The whole package represents a massive reallocation of social wealth from the poorest to the richest, and is justified in a thoroughly demagogic fashion by most political parties and a majority of the media as a “campaign for job creation.”
Germany’s outgoing SPD-Green Party government had already saved 30 billion euros taken from the poorest layers of the population via social cuts, and handed this money over to the rich and super-rich in the form of tax gifts. Over the same period, many German enterprises have recorded record profits while at the same time wiping out huge numbers of jobs.
Along with the destruction of legally regulated tariff jobs, the attacks on Germany’s welfare system are aimed at forcing the unemployed to accept low-wage employment. Within the space of a few years, a huge low-wage sector has been established with up to 6 million such jobs. Now this sector is to be systematically expanded.
Big business associations and their institutes are determined to introduce American-type conditions in Germany and Europe. Recent events should serve as a warning. A few weeks ago, the management of Delphi, America’s largest auto supplier, with more than 35,000 workers in the US and many works in other countries, demanded wage cuts of 60 percent for its American workers and then filed for bankruptcy protection in order to impose its demands.
The preface to the dissertation “Vision Germany: What Must Be Done Now” recommends that the state should take less responsibility and give more freedom of choice to the individual. Privatisation and competition are regarded as the basis for growth and prosperity.
A glimpse across the Atlantic shows the real meaning of such clichés. The recent hurricane disaster in New Orleans was testimony to the devastating consequences of privatising social life and subjecting every aspect of society to the profit motives of a privileged minority.

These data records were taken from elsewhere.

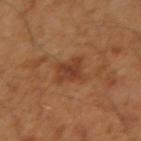anatomic site: the right upper arm
tile lighting: cross-polarized illumination
lesion diameter: ~3.5 mm (longest diameter)
automated lesion analysis: an area of roughly 7.5 mm² and a symmetry-axis asymmetry near 0.35; a mean CIELAB color near L≈40 a*≈23 b*≈32 and a normalized border contrast of about 7
subject: male, aged around 45
imaging modality: 15 mm crop, total-body photography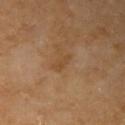Assessment:
Imaged during a routine full-body skin examination; the lesion was not biopsied and no histopathology is available.
Background:
An algorithmic analysis of the crop reported a lesion–skin lightness drop of about 6 and a normalized lesion–skin contrast near 5. About 3 mm across. From the right upper arm. A female patient approximately 70 years of age. Cropped from a whole-body photographic skin survey; the tile spans about 15 mm.

The fact that the Cologne Institute had a finished economic programme for implementation by all governing parties just a few days after the election throws light on the forces behind the decision for early elections in Germany. In view of increasing public opposition to government policy, the most influential business groups were vehemently opposed to any “standstill” until scheduled elections due in autumn of next year. They are determined to impose their anti-social policies at all costs and without delay.
Germany’s new chancellor, Angela Merkel (CDU), has already made clear where she stands. Last Sunday, she assured press representatives there would be “no return to social romanticism.”